YAM Magazine editor, photographer, blogger, translator and part-time web designer. Film junkie, music junkie… and lately series (a.k.a. TV) junkie.

11 Responses

  1. ghost says:

    This seems like an unfair review, considering you love Bjork, listen to Imogen Heap and didn’t mind Frou Frou. You basically worship Sigsworth without even knowing it.

    • amy says:

      @ghost, I foudn Frou Frou a bit boring except for two or three songs. I prefer Imogen Heap as a general rule…

      I think Sigsworth is a double edge sword… for example, I don’t think Alanis was right on her collaboration with him… in the whole album. Britney was lucky to just use him in a couple of tracks… I do think Sigsworth overpowers any other sound, so in the case of SingerSen – it works.

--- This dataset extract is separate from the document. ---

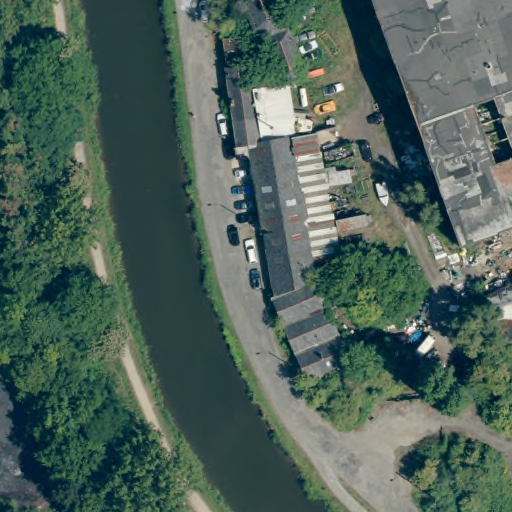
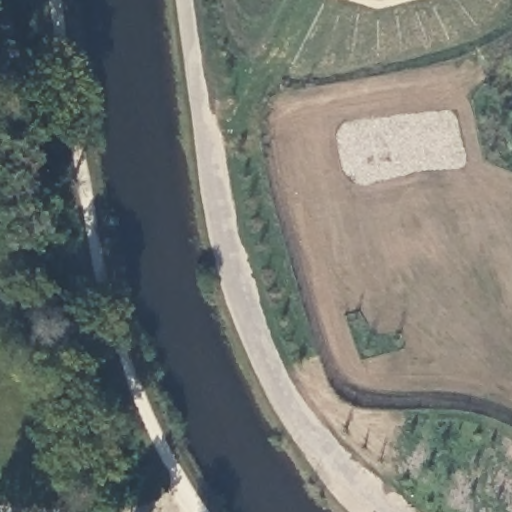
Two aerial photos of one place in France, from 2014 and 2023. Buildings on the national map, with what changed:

      Sometimes a name overpowers the style, that’s why Madonna ended up sounding like an addition to Justin Timberlake and Timbeland, instead of the other way around. Madonna with Sigsworth would sound like… Sigsworth and not Madonna. xD

  2. Camiele says:

    Can I say I’m SOOOOO happy I was in the market for broadening my musical scope when it comes to Asia. Admittedly, I’ve only listened to Jazz and Rock from Japan and Kpop and KIndie. I NEEDED something else and DAMN!!! All I know is Drunk and Wolf are RIDICULOUS! That VOICE… whew!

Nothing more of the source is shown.